MOSCOU - Le gouvernement russe a décidé de vendre une partie des actifs de Iouganskneftegaz, principale division de production sibérienne du groupe pétrolier Ioukos, ce qui a provoqué une forte baisse du titre dans la crainte d'une cession à un prix très inférieur aux attentes.
La cotation de l'action Ioukos sur le marché Micex a été suspendue à deux reprises après accusé une baisse de 15%, plongeant à un plus bas de 130,50.
Le titre coté en dollars abandonnait 4,5% à 4,985, après un plus bas de 4,65.
Dans la pire des hypothèses, Iougansk ne serait évaluée qu'à 10,4 milliards de dollars, d'après un rapport établi à l'intention de Moscou par la banque d'investissement allemande Dresdner Kleinwort Wasserstein, déclarait-on à Reuters de source proche du dossier.
"Dans la mesure où l'évaluation de Iougansk est terminée, mais que le remboursement des dettes (de Ioukos auprès du fisc) traîne en longueur sans raison, une décision (...) a été prise de vendre une partie des actifs de Ioukos par l'intermédiaire du Fonds russe des actifs", peut-on lire dans un communiqué du ministère de la Justice.
Aucune précision n'est communiquée. Mais d'après des responsables cités par les agences de presse russe, la décision concerne une partie des actifs de Iougansk, ou la participation de Ioukos dans celle-ci, le produit de la vente étant destiné à payer les arriérés d'impôts dus par le groupe.
"Si tout se passe conformément à la loi, la vente pourrait avoir lieu avant la fin novembre", a déclaré à Reuters Vladimir Zelentsov, porte-parole du Fonds russe des actifs chargé de l'opération.
"Nous ferons probablement connaître d'ici la fin octobre la forme que prendra la vente, le prix de départ et les diverses conditions de l'opération."
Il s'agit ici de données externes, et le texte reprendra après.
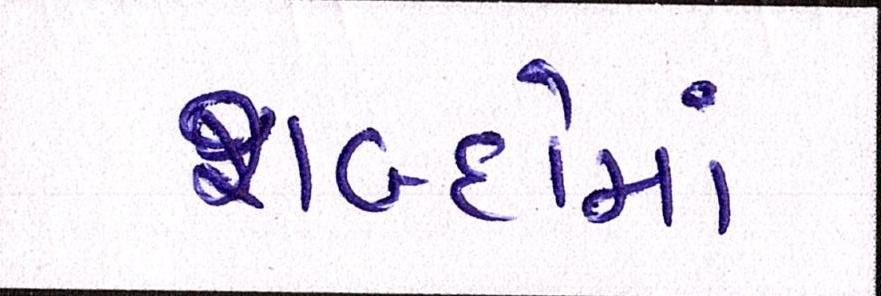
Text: શબ્દોમાં

"UNE TRES MAUVAISE NOUVELLE POUR IOUKOS"
Conformément aux attentes des analystes, Dresdner Kleinwort Wasserstein a évalué Iougansk entre 15,7 et 18,3 milliards de dollars, a-t-on appris mardi de source proche de l'équipe chargée de l'estimation. Mais le document inclut aussi une évaluation de 10,4 milliards de dollars que la banque d'investissement elle-même considère comme exagérément prudente, ajoutait-on de même source.
"C'est une très mauvaise nouvelle pour Ioukos, car cela montre que le gouvernement est déterminé à séparer Iougansk du reste du groupe", commente l'analyste Oleg Maximov (société de courtage Troika Dialog).
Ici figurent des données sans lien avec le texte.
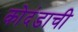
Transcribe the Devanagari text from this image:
कोदंडाची
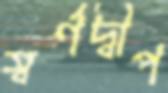
স্বর্ণদ্বীপ
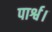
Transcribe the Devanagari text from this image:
पार्श्व।
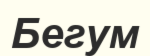
Бегум
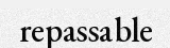
repassable
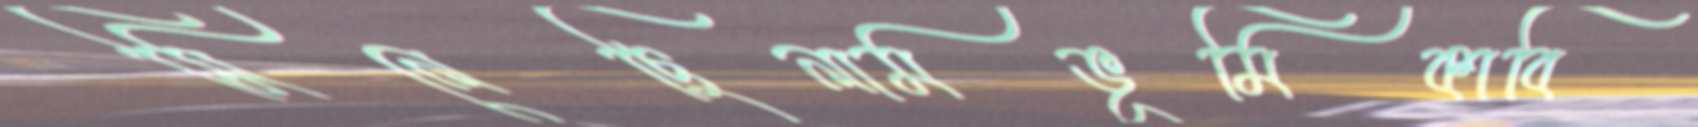
মিলেছিলামভূমিকাবি

Les problèmes fiscaux de Ioukos s'inscrivent dans le cadre d'une campagne que beaucoup d'analystes estiment orchestrée par le Kremlin, afin d'écraser les ambitions politiques de son fondateur Mikhaïl Khodorkovski. Celui-ci est actuellement jugé pour fraude et évasion fiscales.
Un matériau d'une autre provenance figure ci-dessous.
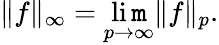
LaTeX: \| f\| _{\infty}=\operatorname*{li\mathtt{m}}_{p\to\infty}\| f\| _{p}.
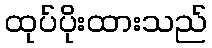
ထုပ်ပိုးထားသည်
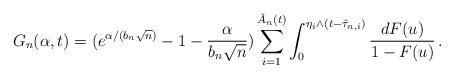
LaTeX: \begin{align*} G_n(\alpha,t)=(e^{\alpha/(b_n\sqrt{n})}-1-\frac{\alpha}{b_n\sqrt{n}})\sum_{i=1}^{{{\hat A}_n}(t)}\int_0^{\eta_i\wedge (t-\hat\tau_{n,i})}\frac{dF(u)}{1-F(u)}\,.\end{align*}
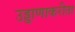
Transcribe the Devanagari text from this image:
उड्डाणाकरीता
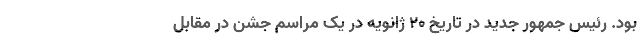
بود. رئیس جمهور جدید در تاریخ ۲۰ ژانویه در یک مراسم جشن در مقابل

D'après les autorités fiscales russes, Ioukos doit 3,4 milliards de dollars d'arriérés d'impôts au titre de l'an 2000 et quatre milliards au titre de l'année 2001, et Iougansk 950 millions de dollars au titre l'année 2002. Soit une dette fiscale totale de 8,35 milliards, dont Ioukos a déjà versé quelque trois milliards.
Sur le marché, on estime que le fisc pourrait porter le niveau des arriérés d'impôts aussi près que possible de la valeur estimée de Iougansk, afin de pouvoir facilement faire passer celle-ci sous le contrôle de sociétés d'Etat telles que Gazprom, qui détient le monopole du gaz en Russie.
D'après l'analyste Adam Landes (Renaissance Capital), Ioukos pourrait maintenant poursuivre à la fois Dresdner Kleinwort Wasserstein et le gouvernement russe devant des juridictions internationales à propos de son estimation de Iougansk.
Les investisseurs s'interrogent aussi sur le respect des intérêts des actionnaires minoritaires de Ioukos.
"La grande question, naturellement, est de savoir ce qui arrivera aux actionnaires minoritaires. Percevront-ils une partie du produit de la vente ou tout sera-t-il englouti par le gouvernement sous forme d'impôts", s'interroge Mark Mobius (Templeton Asset Management).